Calc already offers different algorithms if the locale defines such, see for example {de-DE} German (Germany) (or other German), "Alphanumeric" and "Phone book".

The {nl-BE} Dutch (Belgium) locale does not define additional algorithms. I currently don't know if there is a specific phonebook collation order offered for nl-BE in ICU or if the general phonebook could be used.

Is that (ignoring spaces) a thing in the Netherlands as well?
Apart from that I doubt it's a general "ignore spaces" thing but depends on the prefix "De" or "Van de" or such.

Natural Sort is a specific handling of numbers within text and not suited to implement wild alternatives.

Comment 5 foxtrot 2020-12-09 21:02:21 UTC

It's not only for literal phone book sorting or "ignoring spaces" - my issue (134747) was marked as a duplicate of this, and it's actually "only consider letters", as I try to sort various text data, like song titles that also can contain punctuation marks. So there is more than just sorting locale names...

Comment 6 Heiko Tietze 2020-12-10 08:34:01 UTC

(In reply to Eike Rathke from comment #4)
> Calc already offers different algorithms...

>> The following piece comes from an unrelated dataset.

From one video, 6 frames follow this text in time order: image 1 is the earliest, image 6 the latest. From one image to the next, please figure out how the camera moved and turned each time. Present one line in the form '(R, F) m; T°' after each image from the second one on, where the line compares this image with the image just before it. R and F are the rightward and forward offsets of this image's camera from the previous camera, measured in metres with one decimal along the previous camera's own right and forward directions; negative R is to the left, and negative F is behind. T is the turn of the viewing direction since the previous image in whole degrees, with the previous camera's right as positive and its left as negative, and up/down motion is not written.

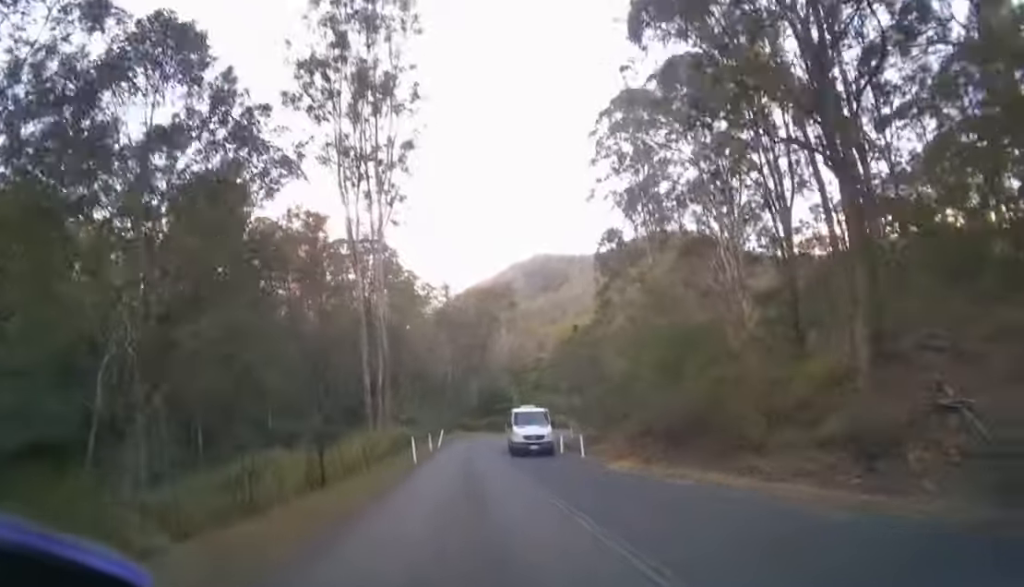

Tested the duplicate bug 134747 and sorting in Calc never resulted in this "phone book" order that Writer can do, which is expected by foxtrot.

Comment 7 Eike Rathke 2020-12-10 11:32:03 UTC

I don't know what you tried. If I use the 4 example lines of that bug description copied twice to Writer, selecting each section and sorting with German (Germany) but one Alphanumeric and one Phone book algorithm I get identical results for both:

I want...
I'm gonna...
Ich habe...
In der...

Same in Calc.

I also don't see why there should be any difference because AFAIK the German phone book algorithm is about the position of Umlauts, not blanks or apostrophes.

Comment 8 foxtrot 2020-12-10 17:05:44 UTC

The point is: I never talked about "phone book", My issue was linked to this as a "duplicate". I just would like to sort those titles right. Would you sort them the way the algorithm does? The algorithm would sort it right, if it just considered letters - that's my point.

Comment 9 Heiko Tietze 2020-12-11 07:46:36 UTC

(In reply to Eike Rathke from comment #7)
> I don't know what you tried.
Me neither anymore. When I tried first Calc sorted differently to Writer with PB-mode enabled. Anyway, if this mode would take spaces into consideration I imagine it's a solution to both issues and a valuable enhancement. But feel free to resolve/reopen tickets.

Comment 10 Robert Lacroix 2020-12-13 00:31:00 UTC

I think a more general approach would be to allow regular expression matching to ignore parts of a sort string. Calc is already most of the way there since the Find and Replace feature has regular expression matching as an option. For people who don't know how to use regular expressions, add a modifiable list of common patterns to choose from, similar to what we have for date formats. Ignoring spaces would simply be one of these selectable predefined patterns.